La loi Macron a imposé aux services publics de transport de se convertir à l’Open Data, afin « d’informer les usagers et de fournir le meilleur service », et depuis le mois de janvier, les développeurs et autres services intéressés peuvent maintenant se réjouir. En effet, si la RATP avait initié en 2012 une ouverture des données relatives à ses plans et ne fournissait que des horaires théoriques, elle met maintenant ses données à disposition.

Elle offre via une API les heures de passage des bus, métros, RER et tramways de son réseau, et ce, en temps réel. Ces données réactualisées toutes les 5 minutes permettront aux planificateurs de trajet aussi bien qu’aux développeurs de disposer d’informations précises et de prendre leurs dispositions si des problèmes surviennent sur le réseau RATP.
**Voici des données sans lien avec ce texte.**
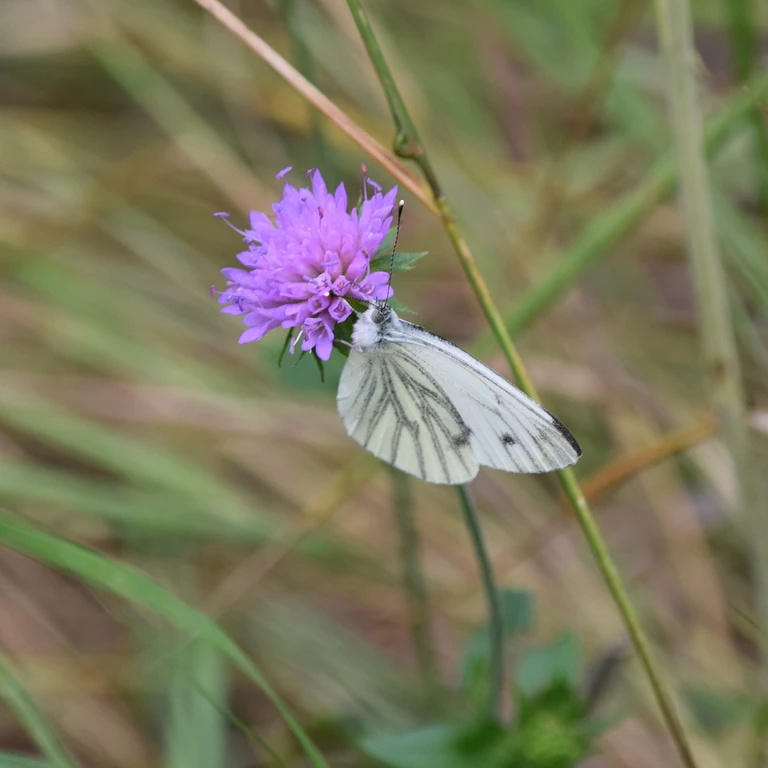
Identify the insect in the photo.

Gratuité sous certaines réserves

Selon la régie de la RATP, l’accès à l’API peut se faire par une inscription et chaque utilisateur a la possibilité de fournir 3 adresses IP fixes. Les personnes ou organismes qui veulent utiliser librement ces données, les partager ou les modifier doivent aussi se conformer aux règles de l’Open Database License. La mise en route de cette API a nécessité 6 mois de travail et un investissement d’un million d’euros, mais la compagnie s’est abstenue de facturer au contribuable ou aux usagers le coût des modifications qui s’imposaient sur les infrastructures pour la mise en place et le bon fonctionnement de son Open Data. Les données sont mises à disposition gratuitement, mais dans la limite de 30 millions de requêtes par mois et de 200 par seconde. Au-delà de ces seuils, l’accès sera payant.

Le respect du principe de l’équité

La loi Macron prévoyait que les bénéficiaires de la mise à disposition des données de la RATP devaient apporter leur contribution aux coûts de son fonctionnement. Ainsi, le montant des redevances dont devront s’acquitter les utilisateurs dépendra de la quantité des informations qu’ils demanderont. Les entreprises comme Citymapper qui utilisent une quantité importante d’informations dans un but commercial devront payer la redevance conséquente. Par contre, les entités ou personnes qui se contentent d’une quantité moindre d’informations bénéficieront de la gratuité. La RATP ne compte pas en rester là, car, outre l’ajout prévu pour ce premier trimestre 2017 - des informations sur les dérangements éventuels sur son réseau -, elle projette également d’ajouter des nouveautés tout aussi intéressantes.